Background: Neurocognitive investigations suggest that conscious sensory perception depends on recurrent neuronal interactions among sensory, parietal, and frontal cortical regions, which are suppressed by general anesthetics. The purpose of this work was to investigate if local interactions in sensory cortex are also altered by anesthetics. The authors hypothesized that desflurane would reduce recurrent neuronal interactions in cortical layer-specific manner consistent with the anatomical disposition of feedforward and feedback pathways.
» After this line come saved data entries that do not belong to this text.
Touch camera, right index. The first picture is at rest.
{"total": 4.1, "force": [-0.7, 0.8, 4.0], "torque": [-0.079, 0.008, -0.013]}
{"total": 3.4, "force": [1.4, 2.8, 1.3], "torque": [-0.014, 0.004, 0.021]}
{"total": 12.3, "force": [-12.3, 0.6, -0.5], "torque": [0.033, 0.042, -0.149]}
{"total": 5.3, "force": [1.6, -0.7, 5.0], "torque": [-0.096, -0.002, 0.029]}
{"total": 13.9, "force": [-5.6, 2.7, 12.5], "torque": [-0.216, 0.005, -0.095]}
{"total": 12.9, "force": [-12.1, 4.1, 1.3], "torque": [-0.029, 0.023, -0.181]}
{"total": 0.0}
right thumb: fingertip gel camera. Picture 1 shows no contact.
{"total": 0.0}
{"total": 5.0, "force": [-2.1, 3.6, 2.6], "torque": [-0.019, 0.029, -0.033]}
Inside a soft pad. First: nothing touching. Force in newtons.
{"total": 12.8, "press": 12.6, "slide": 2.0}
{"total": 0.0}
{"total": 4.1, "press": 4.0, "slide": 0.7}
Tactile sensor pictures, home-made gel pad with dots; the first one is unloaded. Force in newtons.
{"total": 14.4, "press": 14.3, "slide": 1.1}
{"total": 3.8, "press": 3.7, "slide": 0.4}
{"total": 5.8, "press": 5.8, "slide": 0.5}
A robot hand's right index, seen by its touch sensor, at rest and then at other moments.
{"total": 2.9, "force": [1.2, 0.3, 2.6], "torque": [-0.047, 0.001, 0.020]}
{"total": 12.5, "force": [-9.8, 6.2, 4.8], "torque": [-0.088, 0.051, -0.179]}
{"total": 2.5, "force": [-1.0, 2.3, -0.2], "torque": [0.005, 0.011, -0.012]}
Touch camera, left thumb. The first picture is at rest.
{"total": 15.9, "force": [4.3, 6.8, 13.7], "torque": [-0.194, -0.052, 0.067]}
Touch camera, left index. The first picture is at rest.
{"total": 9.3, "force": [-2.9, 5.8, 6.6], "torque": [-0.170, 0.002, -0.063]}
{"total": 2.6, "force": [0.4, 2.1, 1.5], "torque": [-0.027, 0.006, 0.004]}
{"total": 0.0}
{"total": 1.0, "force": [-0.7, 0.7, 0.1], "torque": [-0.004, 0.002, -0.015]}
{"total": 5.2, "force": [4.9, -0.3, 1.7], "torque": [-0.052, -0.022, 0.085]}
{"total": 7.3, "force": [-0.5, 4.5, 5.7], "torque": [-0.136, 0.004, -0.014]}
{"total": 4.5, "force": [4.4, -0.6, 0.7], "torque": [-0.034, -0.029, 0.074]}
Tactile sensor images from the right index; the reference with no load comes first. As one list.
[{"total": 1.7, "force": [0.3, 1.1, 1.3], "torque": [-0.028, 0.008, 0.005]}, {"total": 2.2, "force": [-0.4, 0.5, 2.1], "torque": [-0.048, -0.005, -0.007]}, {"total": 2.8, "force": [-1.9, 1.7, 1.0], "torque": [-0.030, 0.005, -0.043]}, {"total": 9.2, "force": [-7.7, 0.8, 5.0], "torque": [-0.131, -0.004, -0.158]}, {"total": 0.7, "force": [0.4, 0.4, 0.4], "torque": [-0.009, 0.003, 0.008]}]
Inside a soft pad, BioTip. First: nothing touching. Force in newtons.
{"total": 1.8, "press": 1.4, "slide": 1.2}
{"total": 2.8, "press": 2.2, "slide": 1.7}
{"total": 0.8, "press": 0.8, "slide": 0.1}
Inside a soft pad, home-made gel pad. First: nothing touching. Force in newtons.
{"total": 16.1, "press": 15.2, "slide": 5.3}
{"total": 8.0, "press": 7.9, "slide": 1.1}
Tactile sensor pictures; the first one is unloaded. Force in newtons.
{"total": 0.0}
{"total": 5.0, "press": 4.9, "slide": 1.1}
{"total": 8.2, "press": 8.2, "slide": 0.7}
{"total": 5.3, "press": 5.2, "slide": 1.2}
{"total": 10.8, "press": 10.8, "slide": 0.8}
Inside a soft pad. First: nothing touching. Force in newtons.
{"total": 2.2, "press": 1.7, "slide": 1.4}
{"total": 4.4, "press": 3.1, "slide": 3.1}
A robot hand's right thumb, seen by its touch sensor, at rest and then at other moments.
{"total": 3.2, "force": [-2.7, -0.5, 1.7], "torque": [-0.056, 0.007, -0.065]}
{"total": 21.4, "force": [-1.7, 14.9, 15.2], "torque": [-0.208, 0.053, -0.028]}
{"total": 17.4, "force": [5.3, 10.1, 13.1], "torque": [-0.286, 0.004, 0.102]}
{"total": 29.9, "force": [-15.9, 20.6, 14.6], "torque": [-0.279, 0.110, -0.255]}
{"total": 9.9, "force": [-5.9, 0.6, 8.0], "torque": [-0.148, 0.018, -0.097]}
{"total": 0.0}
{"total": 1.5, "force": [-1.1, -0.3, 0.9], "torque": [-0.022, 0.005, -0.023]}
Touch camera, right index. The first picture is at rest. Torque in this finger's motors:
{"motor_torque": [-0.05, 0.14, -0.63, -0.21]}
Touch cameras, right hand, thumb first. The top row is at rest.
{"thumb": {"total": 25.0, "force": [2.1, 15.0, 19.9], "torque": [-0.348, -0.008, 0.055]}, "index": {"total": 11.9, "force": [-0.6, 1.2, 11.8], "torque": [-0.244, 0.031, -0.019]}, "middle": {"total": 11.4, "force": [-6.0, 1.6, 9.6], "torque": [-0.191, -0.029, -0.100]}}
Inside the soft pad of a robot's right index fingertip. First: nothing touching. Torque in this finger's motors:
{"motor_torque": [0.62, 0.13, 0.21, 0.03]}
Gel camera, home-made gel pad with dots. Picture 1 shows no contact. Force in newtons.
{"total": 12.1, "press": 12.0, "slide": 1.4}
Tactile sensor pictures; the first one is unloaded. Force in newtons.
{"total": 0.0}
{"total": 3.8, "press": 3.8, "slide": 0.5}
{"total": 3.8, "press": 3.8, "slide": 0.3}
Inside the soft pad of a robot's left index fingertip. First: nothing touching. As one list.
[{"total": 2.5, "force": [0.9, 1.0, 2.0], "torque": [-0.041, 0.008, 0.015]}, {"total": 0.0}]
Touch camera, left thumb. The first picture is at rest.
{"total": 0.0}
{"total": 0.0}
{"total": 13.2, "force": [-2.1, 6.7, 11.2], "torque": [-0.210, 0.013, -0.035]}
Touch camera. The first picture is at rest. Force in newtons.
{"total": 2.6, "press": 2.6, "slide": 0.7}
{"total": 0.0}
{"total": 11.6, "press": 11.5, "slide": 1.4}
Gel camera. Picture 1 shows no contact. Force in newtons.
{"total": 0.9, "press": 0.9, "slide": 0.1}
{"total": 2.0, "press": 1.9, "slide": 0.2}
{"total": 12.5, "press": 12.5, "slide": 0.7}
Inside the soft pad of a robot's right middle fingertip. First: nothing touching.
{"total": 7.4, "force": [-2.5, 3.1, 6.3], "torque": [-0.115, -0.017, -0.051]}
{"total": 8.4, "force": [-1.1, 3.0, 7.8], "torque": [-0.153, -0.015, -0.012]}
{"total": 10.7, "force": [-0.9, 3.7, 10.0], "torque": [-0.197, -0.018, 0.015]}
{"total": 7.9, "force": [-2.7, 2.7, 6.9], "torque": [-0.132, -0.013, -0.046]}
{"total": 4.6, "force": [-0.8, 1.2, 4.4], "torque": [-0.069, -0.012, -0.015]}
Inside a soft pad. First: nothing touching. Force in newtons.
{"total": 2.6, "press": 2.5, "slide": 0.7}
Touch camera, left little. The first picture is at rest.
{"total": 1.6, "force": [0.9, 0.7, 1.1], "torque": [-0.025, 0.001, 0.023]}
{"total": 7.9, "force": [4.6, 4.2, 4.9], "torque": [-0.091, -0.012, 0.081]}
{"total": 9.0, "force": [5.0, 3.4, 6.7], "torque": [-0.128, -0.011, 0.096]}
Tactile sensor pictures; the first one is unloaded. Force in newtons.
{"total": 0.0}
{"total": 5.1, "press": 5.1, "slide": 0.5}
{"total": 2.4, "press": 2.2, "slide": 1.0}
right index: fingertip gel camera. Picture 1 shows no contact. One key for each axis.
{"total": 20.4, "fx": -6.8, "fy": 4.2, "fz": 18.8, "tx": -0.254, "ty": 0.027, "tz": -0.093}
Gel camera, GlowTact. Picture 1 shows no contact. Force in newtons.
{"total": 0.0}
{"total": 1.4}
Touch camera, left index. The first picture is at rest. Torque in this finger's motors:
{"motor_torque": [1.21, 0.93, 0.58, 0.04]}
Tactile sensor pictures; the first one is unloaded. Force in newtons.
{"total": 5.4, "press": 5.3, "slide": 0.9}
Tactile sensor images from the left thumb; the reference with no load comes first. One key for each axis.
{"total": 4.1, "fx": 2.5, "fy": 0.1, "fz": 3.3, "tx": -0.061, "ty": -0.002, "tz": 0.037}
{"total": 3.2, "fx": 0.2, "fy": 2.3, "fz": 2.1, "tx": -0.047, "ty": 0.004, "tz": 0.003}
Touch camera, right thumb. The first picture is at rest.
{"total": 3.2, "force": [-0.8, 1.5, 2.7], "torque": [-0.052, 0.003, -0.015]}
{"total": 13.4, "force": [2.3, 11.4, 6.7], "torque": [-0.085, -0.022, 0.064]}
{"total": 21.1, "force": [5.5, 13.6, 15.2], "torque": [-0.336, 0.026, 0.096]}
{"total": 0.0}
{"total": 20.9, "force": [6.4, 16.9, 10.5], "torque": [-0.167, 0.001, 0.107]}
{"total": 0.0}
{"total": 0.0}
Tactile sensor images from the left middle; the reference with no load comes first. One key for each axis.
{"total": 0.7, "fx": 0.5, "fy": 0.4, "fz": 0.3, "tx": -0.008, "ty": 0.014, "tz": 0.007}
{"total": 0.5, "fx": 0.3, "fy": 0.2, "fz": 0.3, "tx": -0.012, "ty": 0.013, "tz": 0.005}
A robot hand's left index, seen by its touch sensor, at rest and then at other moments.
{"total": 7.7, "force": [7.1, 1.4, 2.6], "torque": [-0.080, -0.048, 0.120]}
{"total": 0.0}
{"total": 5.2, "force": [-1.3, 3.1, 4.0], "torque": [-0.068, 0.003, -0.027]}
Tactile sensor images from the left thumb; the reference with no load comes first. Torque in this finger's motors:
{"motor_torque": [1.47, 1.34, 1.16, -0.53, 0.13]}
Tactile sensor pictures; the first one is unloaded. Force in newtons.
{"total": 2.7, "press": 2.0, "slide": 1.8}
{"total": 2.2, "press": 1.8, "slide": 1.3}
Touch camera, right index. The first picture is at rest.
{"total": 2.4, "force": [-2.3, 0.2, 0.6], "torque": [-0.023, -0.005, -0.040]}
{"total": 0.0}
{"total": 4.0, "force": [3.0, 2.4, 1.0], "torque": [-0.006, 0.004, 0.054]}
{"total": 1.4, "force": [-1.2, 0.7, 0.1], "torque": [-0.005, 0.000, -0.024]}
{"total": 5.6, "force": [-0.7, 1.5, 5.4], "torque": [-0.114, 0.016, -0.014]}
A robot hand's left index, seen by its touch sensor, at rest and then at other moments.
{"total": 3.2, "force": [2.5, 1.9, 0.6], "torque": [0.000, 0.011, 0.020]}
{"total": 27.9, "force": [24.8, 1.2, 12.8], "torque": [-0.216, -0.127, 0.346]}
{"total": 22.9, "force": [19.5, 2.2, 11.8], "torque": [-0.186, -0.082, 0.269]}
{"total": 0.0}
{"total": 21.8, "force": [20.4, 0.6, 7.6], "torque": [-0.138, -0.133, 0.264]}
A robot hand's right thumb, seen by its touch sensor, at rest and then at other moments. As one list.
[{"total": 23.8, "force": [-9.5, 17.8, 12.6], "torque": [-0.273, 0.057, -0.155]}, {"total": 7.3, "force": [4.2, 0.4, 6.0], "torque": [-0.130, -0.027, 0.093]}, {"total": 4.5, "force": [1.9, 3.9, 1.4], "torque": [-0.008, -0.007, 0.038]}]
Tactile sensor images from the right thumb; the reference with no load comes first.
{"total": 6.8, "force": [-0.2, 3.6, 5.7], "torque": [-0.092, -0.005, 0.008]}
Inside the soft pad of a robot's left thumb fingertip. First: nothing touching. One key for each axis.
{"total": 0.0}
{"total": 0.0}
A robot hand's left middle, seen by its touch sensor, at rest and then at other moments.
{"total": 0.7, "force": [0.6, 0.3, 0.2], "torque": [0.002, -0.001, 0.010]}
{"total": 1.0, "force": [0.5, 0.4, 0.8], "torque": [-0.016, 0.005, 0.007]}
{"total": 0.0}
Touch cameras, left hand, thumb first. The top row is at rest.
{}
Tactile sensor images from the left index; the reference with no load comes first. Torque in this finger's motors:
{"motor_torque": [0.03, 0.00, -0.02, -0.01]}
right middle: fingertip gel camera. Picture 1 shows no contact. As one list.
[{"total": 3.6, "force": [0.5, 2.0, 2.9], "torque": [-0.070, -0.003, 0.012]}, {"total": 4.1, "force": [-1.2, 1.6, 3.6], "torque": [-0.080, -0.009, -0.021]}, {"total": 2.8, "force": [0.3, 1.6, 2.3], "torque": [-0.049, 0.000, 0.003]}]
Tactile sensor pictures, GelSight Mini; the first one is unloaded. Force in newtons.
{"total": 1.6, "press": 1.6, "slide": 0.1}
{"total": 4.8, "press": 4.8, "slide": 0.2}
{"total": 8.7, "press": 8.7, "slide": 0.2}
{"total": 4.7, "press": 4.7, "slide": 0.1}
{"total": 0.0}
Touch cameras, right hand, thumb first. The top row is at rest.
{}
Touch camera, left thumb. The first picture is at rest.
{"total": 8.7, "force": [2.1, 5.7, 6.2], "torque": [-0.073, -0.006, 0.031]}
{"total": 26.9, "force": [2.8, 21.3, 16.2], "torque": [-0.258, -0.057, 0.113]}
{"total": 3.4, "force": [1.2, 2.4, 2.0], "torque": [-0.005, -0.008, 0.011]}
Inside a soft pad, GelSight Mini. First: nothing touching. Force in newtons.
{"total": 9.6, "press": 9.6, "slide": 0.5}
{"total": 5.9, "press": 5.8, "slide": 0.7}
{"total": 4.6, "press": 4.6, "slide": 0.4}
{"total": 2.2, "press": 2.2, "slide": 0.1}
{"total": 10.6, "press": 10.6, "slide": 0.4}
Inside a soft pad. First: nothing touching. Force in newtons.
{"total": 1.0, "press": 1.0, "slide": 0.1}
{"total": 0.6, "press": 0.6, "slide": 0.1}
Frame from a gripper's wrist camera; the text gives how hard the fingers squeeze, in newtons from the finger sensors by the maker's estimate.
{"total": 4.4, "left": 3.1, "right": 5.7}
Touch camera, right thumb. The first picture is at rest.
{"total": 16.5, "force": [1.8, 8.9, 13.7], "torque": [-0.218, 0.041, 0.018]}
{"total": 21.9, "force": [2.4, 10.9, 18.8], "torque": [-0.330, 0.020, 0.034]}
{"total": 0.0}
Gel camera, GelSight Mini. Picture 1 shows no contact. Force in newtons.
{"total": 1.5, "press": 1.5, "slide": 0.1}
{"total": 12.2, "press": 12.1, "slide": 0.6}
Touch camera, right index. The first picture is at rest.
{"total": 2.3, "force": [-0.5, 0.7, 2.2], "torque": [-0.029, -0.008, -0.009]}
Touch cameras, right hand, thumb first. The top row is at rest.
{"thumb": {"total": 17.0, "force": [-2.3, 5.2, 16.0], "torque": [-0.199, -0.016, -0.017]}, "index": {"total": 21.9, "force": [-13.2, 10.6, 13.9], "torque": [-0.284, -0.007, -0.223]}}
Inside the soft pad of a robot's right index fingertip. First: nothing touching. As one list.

Methods: Single-unit neuronal activity was measured in freely moving adult male rats (268 units; 10 animals) using microelectrode arrays chronically implanted in primary and secondary visual cortex. Layer-specific directional interactions were estimated by mutual information and transfer entropy of multineuron spike patterns within and between cortical layers three and five. The effect of incrementally increasing and decreasing steady-state concentrations of desflurane (0 to 8% to 0%) was tested for statistically significant quadratic trend across the successive anesthetic states.
Results: Desflurane produced robust, state-dependent reduction (P = 0.001) of neuronal interactions between primary and secondary visual areas and between layers three and five, as indicated by mutual information (37 and 41% decrease at 8% desflurane from wakeful baseline at [mean ± SD] 0.52 ± 0.51 and 0.53 ± 0.51 a.u., respectively) and transfer entropy (77 and 78% decrease at 8% desflurane from wakeful baseline at 1.86 ± 1.56 a.u. and 1.87 ± 1.67 a.u., respectively). In addition, a preferential suppression of feedback between secondary and primary visual cortex was suggested by the reduction of directional index of transfer entropy overall (P = 0.001; 89% decrease at 8% desflurane from 0.11 ± 0.18 a.u. at baseline) and specifically, in layer five (P = 0.001; 108% decrease at 8% desflurane from 0.12 ± 0.19 a.u. at baseline).
Conclusions: Desflurane anesthesia reduces neuronal interactions in visual cortex with a preferential effect on feedback. The findings suggest that neuronal disconnection occurs locally, among hierarchical sensory regions, which may contribute to global functional disconnection underlying anesthetic-induced unconsciousness.